Weight Regulation Meets Group Psychotherapy at the Neural Cleft

Sunday, June 12, 2011, from 9:15 am to 12:15 pm.
Northeastern Society for Group Psychotherapy Conference

Weight Matters: what the effective 'brain-wise therapist' needs to know about modern attachment theory, interpersonal neurobiology and their affect on those struggling with weight regulation and weight control. Knowledge of cutting edge science will be integrated with somatic, experiential, and group psychotherapy techniques. Didactic/Lecture, Experiential, Demonstration, Discussion.

Objectives

Patients who come to your practice with over eating, weight regulation, and body image problems defy classical DSM IV diagnosis from an eating disorder perspective. They present daunting biochemical as well as self-regulatory problems. Although daunting, they come for our help and we are challenged to treat them.

Overeating and weight regulation are not considered eating disorders. Binge eating disorder (BED) has recently become a proposed diagnosis to be admitted to the DSM. However, all patients with eating issues do not quality for BED. Those who eventually come into a psychotherapist's office have probably "failed" at institutional and commercial programs for weight loss.

Conceptually, I have moved from thinking about these patients from a strictly psychoanalytic and psychodynamic viewpoint, and begun unraveling their issues in line with the paradigm shift away from drive theory to interpersonal neurobiology and modern attachment theory.
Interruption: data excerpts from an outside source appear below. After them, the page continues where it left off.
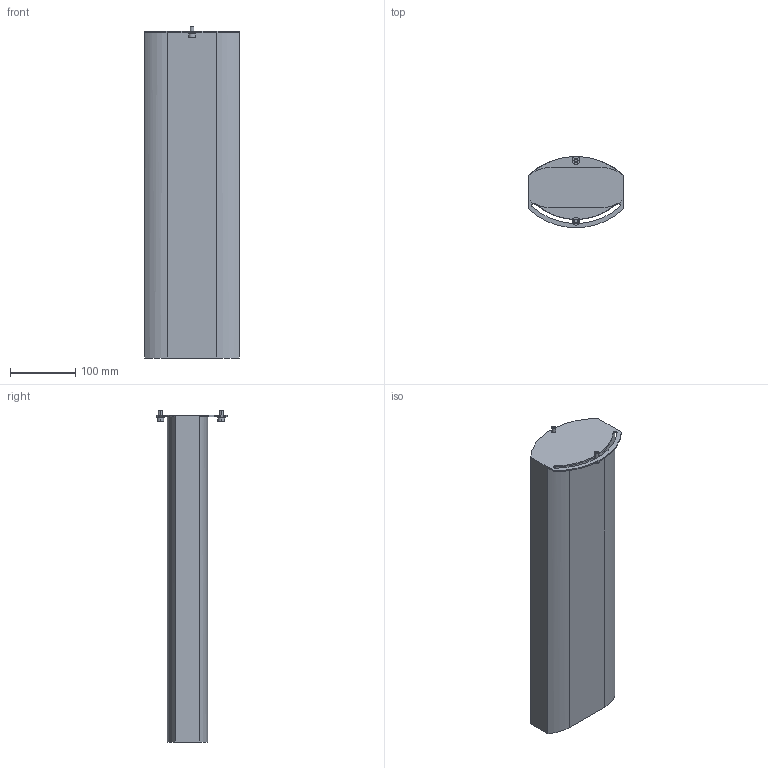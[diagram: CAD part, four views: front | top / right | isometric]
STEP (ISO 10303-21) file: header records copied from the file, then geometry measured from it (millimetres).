
FILE_DESCRIPTION (( 'STEP AP214' ), '1' );
FILE_NAME ('6530451', '2019-01-31T12:12:14', ( '' ), ('JUGARD+KÜNSTNER GmbH'), 'SwSTEP 2.0', 'SolidWorks 2017', '' );
FILE_SCHEMA (( 'AUTOMOTIVE_DESIGN' ));
Length unit declared in the file: millimetre
Products named in the file (6): Kopie von 7250715_2^6530451; Kopie von 7250355^6530451; 6530451_CNAJF00; Kopie von 6530451^6530451; Kopie von 7250355_2^6530451; Kopie von 7250715^6530451
Assembly tree (5 placements, depth 2):
  6530451_CNAJF00
    Kopie von 6530451^6530451
    Kopie von 7250715^6530451
    Kopie von 7250355^6530451
    Kopie von 7250715_2^6530451
    Kopie von 7250355_2^6530451
Bounding box: 145 x 108.62 x 507.4 mm (x, y, z)
Volume: 4193645 mm3; surface area: 214335.1 mm2
Topology: 5 solids, 5 shells, 76 faces, 181 edges, 114 vertices
Faces by surface type: plane 35, cylinder 29, cone 8, bspline 4
Entity records: 2692 total; most frequent: CARTESIAN_POINT 531, DIRECTION 403, ORIENTED_EDGE 354, EDGE_CURVE 177, AXIS2_PLACEMENT_3D 162, VERTEX_POINT 114, EDGE_LOOP 87, CIRCLE 82
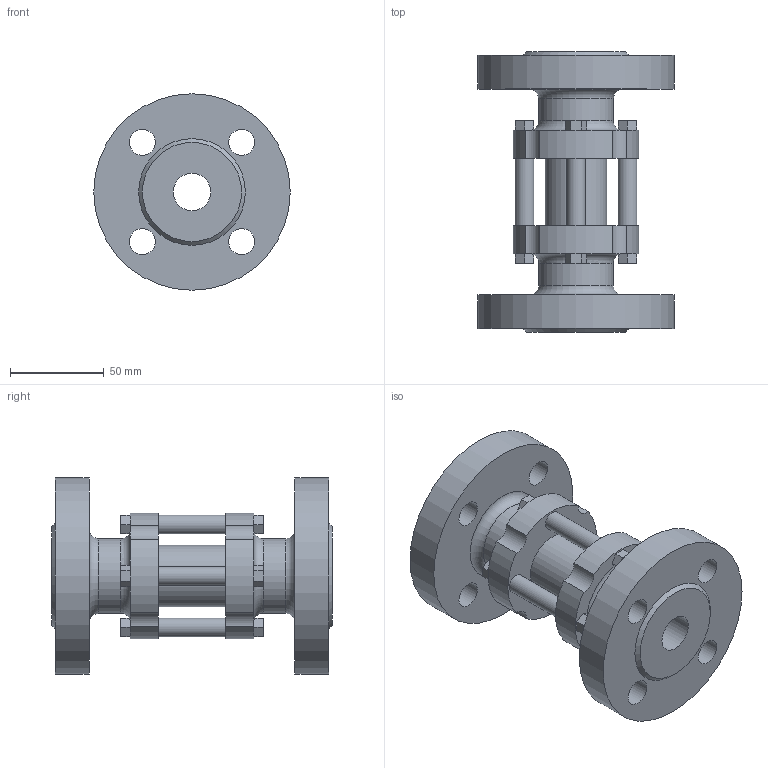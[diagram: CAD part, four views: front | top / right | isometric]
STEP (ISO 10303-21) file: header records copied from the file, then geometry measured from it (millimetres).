
FILE_DESCRIPTION(/* description */ (''),/* implementation_level */ '2;1');
FILE_NAME(/* name */ 'DN 20.stp',/* time_stamp */ '2016-02-10T12:06:59+01:00',/* author */ ('Konstruktion'),/* organization */ (''),/* preprocessor_version */ 'ST-DEVELOPER v15.6',/* originating_system */ 'Autodesk Inventor 2015',/* authorisation */ '');
FILE_SCHEMA (('CONFIG_CONTROL_DESIGN'));
Length unit declared in the file: millimetre
Products named in the file (1): DN 20
Bounding box: 105 x 150 x 105 mm (x, y, z)
Volume: 452460 mm3; surface area: 87403.6 mm2
Topology: 1 solids, 1 shells, 110 faces, 294 edges, 196 vertices
Faces by surface type: plane 68, cylinder 36, torus 4, cone 2
Full cylindrical faces by diameter (mm): 10 x4, 14 x8, 20 x2, 25 x1, 33 x1, 40 x2, 105 x2
Entity records: 3452 total; most frequent: CARTESIAN_POINT 719, DIRECTION 546, ORIENTED_EDGE 524, EDGE_CURVE 262, AXIS2_PLACEMENT_3D 197, VERTEX_POINT 190, EDGE_LOOP 172, LINE 152
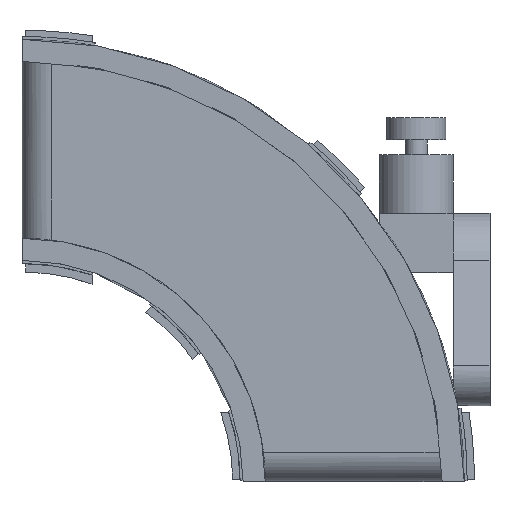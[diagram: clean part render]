
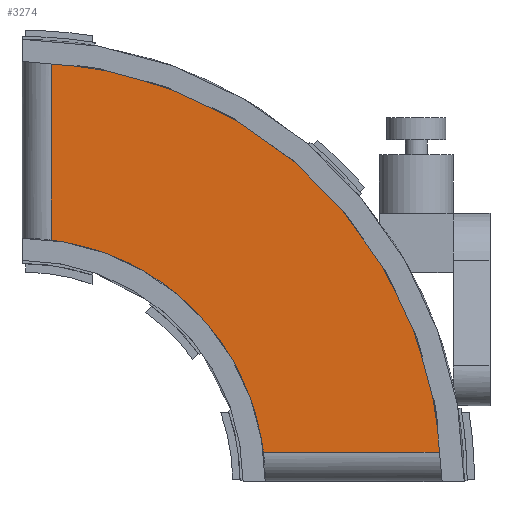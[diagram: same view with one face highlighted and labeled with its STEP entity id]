
A CAD part, top view. The second image highlights one B-rep face of the part: STEP entity #3274.
In plain terms, the highlighted planar face has unit normal (0, 0, 1).
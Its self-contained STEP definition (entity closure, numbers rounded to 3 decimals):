
#98=LINE('',#4776,#388);
#99=LINE('',#4779,#389);
#388=VECTOR('',#3857,10.);
#389=VECTOR('',#3860,10.);
#752=FACE_OUTER_BOUND('',#934,.T.);
#934=EDGE_LOOP('',(#2106,#2107,#2108,#2109));
#1124=CIRCLE('',#3488,330.);
#1125=CIRCLE('',#3489,570.);
#1272=VERTEX_POINT('',#4772);
#1273=VERTEX_POINT('',#4773);
#1274=VERTEX_POINT('',#4775);
#1275=VERTEX_POINT('',#4777);
#1595=EDGE_CURVE('',#1272,#1273,#1124,.T.);
#1596=EDGE_CURVE('',#1274,#1272,#98,.T.);
#1597=EDGE_CURVE('',#1275,#1274,#1125,.T.);
#1598=EDGE_CURVE('',#1273,#1275,#99,.T.);
#2106=ORIENTED_EDGE('',*,*,#1595,.F.);
#2107=ORIENTED_EDGE('',*,*,#1596,.F.);
#2108=ORIENTED_EDGE('',*,*,#1597,.F.);
#2109=ORIENTED_EDGE('',*,*,#1598,.F.);
#2981=PLANE('',#3487);
#3274=ADVANCED_FACE('',(#752),#2981,.T.);
#3487=AXIS2_PLACEMENT_3D('',#4771,#3853,#3854);
#3488=AXIS2_PLACEMENT_3D('',#4774,#3855,#3856);
#3489=AXIS2_PLACEMENT_3D('',#4778,#3858,#3859);
#3853=DIRECTION('center_axis',(0.,0.,1.));
#3854=DIRECTION('ref_axis',(1.,0.,0.));
#3855=DIRECTION('center_axis',(0.,0.,
1.));
#3856=DIRECTION('ref_axis',(0.121,0.993,0.));
#3857=DIRECTION('',(-1.,0.,0.));
#3858=DIRECTION('center_axis',(0.,0.,
-1.));
#3859=DIRECTION('ref_axis',(0.998,0.07,0.));
#3860=DIRECTION('',(0.,1.,0.));
#4771=CARTESIAN_POINT('Origin',(448.081,40.,-10.));
#4772=CARTESIAN_POINT('',(327.567,40.,-10.));
#4773=CARTESIAN_POINT('',(40.,327.567,-10.));
#4774=CARTESIAN_POINT('Origin',(0.,0.,
-10.));
#4775=CARTESIAN_POINT('',(568.595,40.,-10.));
#4776=CARTESIAN_POINT('',(450.,40.,-10.));
#4777=CARTESIAN_POINT('',(40.,568.595,-10.));
#4778=CARTESIAN_POINT('Origin',(0.,0.,
-10.));
#4779=CARTESIAN_POINT('',(40.,450.,-10.));
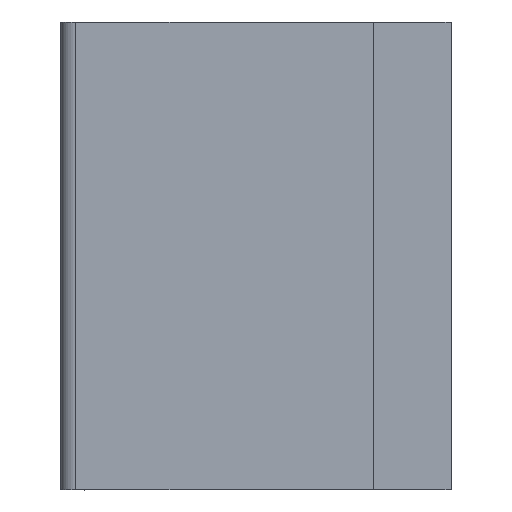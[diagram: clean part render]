
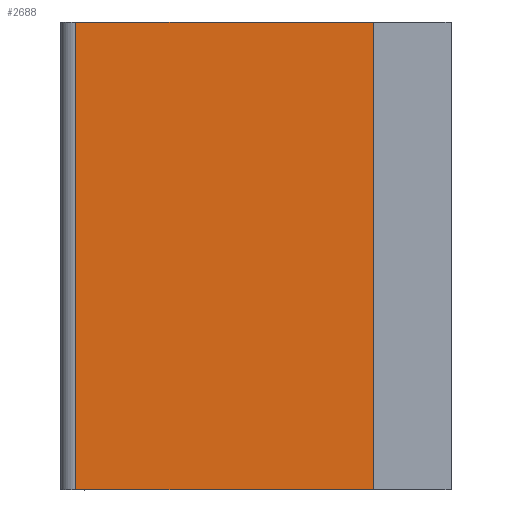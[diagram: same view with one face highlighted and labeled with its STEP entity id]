
A CAD part, left-side view. The second image highlights one B-rep face of the part: STEP entity #2688.
In plain terms, the highlighted planar face has unit normal (-1, 0, 0).
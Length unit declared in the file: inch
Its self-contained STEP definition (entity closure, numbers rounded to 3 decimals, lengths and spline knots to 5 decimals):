
#51 = CARTESIAN_POINT ( 'NONE',  ( -0.9375, -0.625, -0.9375 ) ) ;
#79 = CARTESIAN_POINT ( 'NONE',  ( -0.9375, 0.566, 0.9375 ) ) ;
#99 = DIRECTION ( 'NONE',  ( 0., 0., -1. ) ) ;
#415 = LINE ( 'NONE', #4388, #2770 ) ;
#689 = CARTESIAN_POINT ( 'NONE',  ( -0.9375, 0., 0.9375 ) ) ;
#1233 = CARTESIAN_POINT ( 'NONE',  ( -0.9375, 0., -0.9375 ) ) ;
#1235 = CARTESIAN_POINT ( 'NONE',  ( -0.9375, -0.625, 0.9375 ) ) ;
#1390 = LINE ( 'NONE', #4572, #2955 ) ;
#1401 = EDGE_CURVE ( 'NONE', #3655, #4302, #4456, .T. ) ;
#1402 = DIRECTION ( 'NONE',  ( 0., 1., 0. ) ) ;
#1410 = EDGE_LOOP ( 'NONE', ( #3922, #2148, #4307, #4985 ) ) ;
#1607 = CARTESIAN_POINT ( 'NONE',  ( -0.9375, 0.566, -0.9375 ) ) ;
#1686 = EDGE_CURVE ( 'NONE', #1784, #3655, #3053, .T. ) ;
#1784 = VERTEX_POINT ( 'NONE', #1235 ) ;
#2069 = VERTEX_POINT ( 'NONE', #51 ) ;
#2093 = EDGE_CURVE ( 'NONE', #2069, #4302, #415, .T. ) ;
#2148 = ORIENTED_EDGE ( 'NONE', *, *, #1401, .T. ) ;
#2318 = DIRECTION ( 'NONE',  ( 0., 1., 0. ) ) ;
#2368 = PLANE ( 'NONE',  #2610 ) ;
#2610 = AXIS2_PLACEMENT_3D ( 'NONE', #1233, #4733, #3125 ) ;
#2688 = ADVANCED_FACE ( 'NONE', ( #4785 ), #2368, .F. ) ;
#2770 = VECTOR ( 'NONE', #1402, 39.37008 ) ;
#2955 = VECTOR ( 'NONE', #4550, 39.37008 ) ;
#3053 = LINE ( 'NONE', #689, #3367 ) ;
#3056 = EDGE_CURVE ( 'NONE', #2069, #1784, #1390, .T. ) ;
#3125 = DIRECTION ( 'NONE',  ( 0., 0., -1. ) ) ;
#3367 = VECTOR ( 'NONE', #2318, 39.37008 ) ;
#3655 = VERTEX_POINT ( 'NONE', #79 ) ;
#3692 = VECTOR ( 'NONE', #99, 39.37008 ) ;
#3922 = ORIENTED_EDGE ( 'NONE', *, *, #1686, .T. ) ;
#4302 = VERTEX_POINT ( 'NONE', #4332 ) ;
#4307 = ORIENTED_EDGE ( 'NONE', *, *, #2093, .F. ) ;
#4332 = CARTESIAN_POINT ( 'NONE',  ( -0.9375, 0.566, -0.9375 ) ) ;
#4388 = CARTESIAN_POINT ( 'NONE',  ( -0.9375, 0., -0.9375 ) ) ;
#4456 = LINE ( 'NONE', #1607, #3692 ) ;
#4550 = DIRECTION ( 'NONE',  ( 0., 0., 1. ) ) ;
#4572 = CARTESIAN_POINT ( 'NONE',  ( -0.9375, -0.625, -1.48671 ) ) ;
#4733 = DIRECTION ( 'NONE',  ( 1., 0., 0. ) ) ;
#4785 = FACE_OUTER_BOUND ( 'NONE', #1410, .T. ) ;
#4985 = ORIENTED_EDGE ( 'NONE', *, *, #3056, .T. ) ;

This shift incorporates development of self, attachment patterns, and development of self-regulation. In this shift, the symptom, overeating, becomes a high caloric regulatory and compensation mechanism. The resultant weight problem, which ensues, has a bio-chemical life of its own.

In the treatment realm, group psychotherapy had been vastly underutilized and has essentially been put in the background. Currently, cognitive behavioral therapy is considered to be the gold standard of treatment. But, sole use of cognitive behavioral therapy has been shown to have its limits. Most patients lose, 5-10% of initial weight, the current standard of criteria for success. However, patients usually regain 30-35% of their weight loss in the year following treatment and many return to their baseline weight within 5 years. Success rates in obesity programs are grim.

What is missing in treatment? Looking at this cluster of patients from the traditional psychodynamic psychoanalytic model has its restraints. New technology has allowed us to access the brain, which has shown us that the development of regulation starts long before the drive models that Freud conceptualized. It is important not to throw out the baby with the bath water, so to speak, but add on to what we already know, and upgrade our work in current thinking. The current work in interpersonal neurobiology and modern attachment theory gives clarity to what is missing and can only add to the repertoire of a traditionally group trained psychotherapist. It is time that we begin apprehending these patients from a different model. Modern attachment theory and interpersonal neurobiology lends to a different conceptualization and thinking about them clinically. These can be incorporated into group psychotherapy adding to the richness of this model. Group, utilizing these newer concepts, can be a regulatory mechanism for those challenged with regulatory problems. Active engagement in this newer thinking, can lead to developing fresh group strategies for those with these daunting problems.